Can the gut microbiome tell us something about increases in noncommunicable diseases in people with HIV? Two of AIGHD’s PhD students, Ornella Sortino and Eveline Verheij, with NIH intramural AIDS Research Fellow Ivan Vujkovic-Cvijin, and supervised by Prof. Peter Reiss, Dr. Irini Sereti and others at the NIH, report their findings in a recently published article titled HIV-associated gut dysbiosis is independent of sexual practice and correlates with noncommunicable diseases.

While effective antiretroviral therapy has contributed to the prolonged survival of people with HIV, they continue to experience higher rates of noncommunicable diseases (NCDs) compared to those living without HIV. A team of researchers has investigated how patterns of the gut microbiome may contribute to higher rates of NCDs. The resulting article has been published in the esteemed journal, Nature Communications.

It is widely understood in the medical field that even after ARV treatment, people with HIV are more susceptible to noncommunicable age-related diseases such as diabetes, cardiovascular disease, and lung diseases. There has also been the idea within the field of HIV research that the gut microbiome may contribute to this increase. While these bacteria in the gut are necessary to help us digest food and absorb energy, the gut microbiome is the main source of foreign microbes that we interact with during our lives. Could the bacteria, fungi and enzymes that live in the gut microbiome increase susceptibility to NCDs? How do differences in gut microbiome patterns in people with HIV change how their immune system works? There have been studies exploring this idea, however, the data on HIV-associated inflammation of the gut microbiome has been incomplete.

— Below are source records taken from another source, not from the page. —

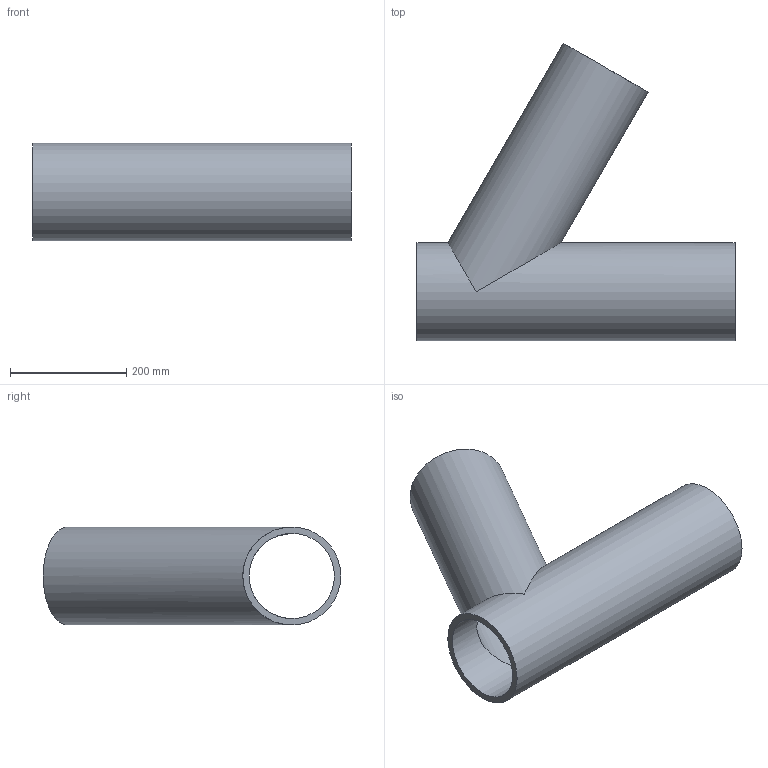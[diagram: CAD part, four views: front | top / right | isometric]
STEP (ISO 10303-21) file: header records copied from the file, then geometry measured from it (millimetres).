
FILE_DESCRIPTION(/* description */ (''),/* implementation_level */ '2;1');
FILE_NAME(/* name */ 'LAT-S6-SCH80-60.stp',/* time_stamp */ '2023-11-21T17:41:17-05:00',/* author */ ('Admin'),/* organization */ (''),/* preprocessor_version */ 'ST-DEVELOPER v19',/* originating_system */ 'Autodesk Inventor 2023',/* authorisation */ '');
FILE_SCHEMA (('AUTOMOTIVE_DESIGN { 1 0 10303 214 3 1 1 }'));
Length unit declared in the file: inch
Products named in the file (1): LAT-S6-SCH80-60
Bounding box: 546.1 x 511.15 x 168.28 mm (x, y, z)
Volume: 4743516.3 mm3; surface area: 880492.2 mm2
Topology: 1 solids, 1 shells, 7 faces, 18 edges, 13 vertices
Faces by surface type: cylinder 4, plane 3
Full cylindrical faces by diameter (mm): 146.329 x2, 168.275 x2
Entity records: 282 total; most frequent: DIRECTION 47, CARTESIAN_POINT 39, ORIENTED_EDGE 36, AXIS2_PLACEMENT_3D 21, EDGE_CURVE 18, VERTEX_POINT 13, EDGE_LOOP 11, FACE_OUTER_BOUND 7

Using a subset of the AGEhIV Cohort, an AIGHD project led by Prof. Peter Reiss, the team of researchers explored how the gut microbiome is different in people with HIV, and the extent to which it may correlate with the increase in inflammatory diseases. They discovered that people with HIV had a range of microbiome disturbances, and that this range shows a correlation with how many age-related noncommunicable diseases they had experienced. While this is a key finding in their study, the team took their research a step further. In previous studies, researchers were comparing the gut microbiomes of HIV-infected men who have sex with men (MSM) with non-infected heterosexual men. However, recent studies had uncovered sexual practice as a major source of microbiota variation. In order to have a more direct comparison, this paper compared the gut microbiome of MSM with HIV to uninfected MSM, heterosexual men with HIV to uninfected heterosexual men, and heterosexual women with HIV to uninfected heterosexual women. This more direct comparison clearly revealed significant gut microbiota differences among all groups with HIV, regardless of sex and sexual practice.

Congratulations to the researchers involved in this publication for their hard work and dedication.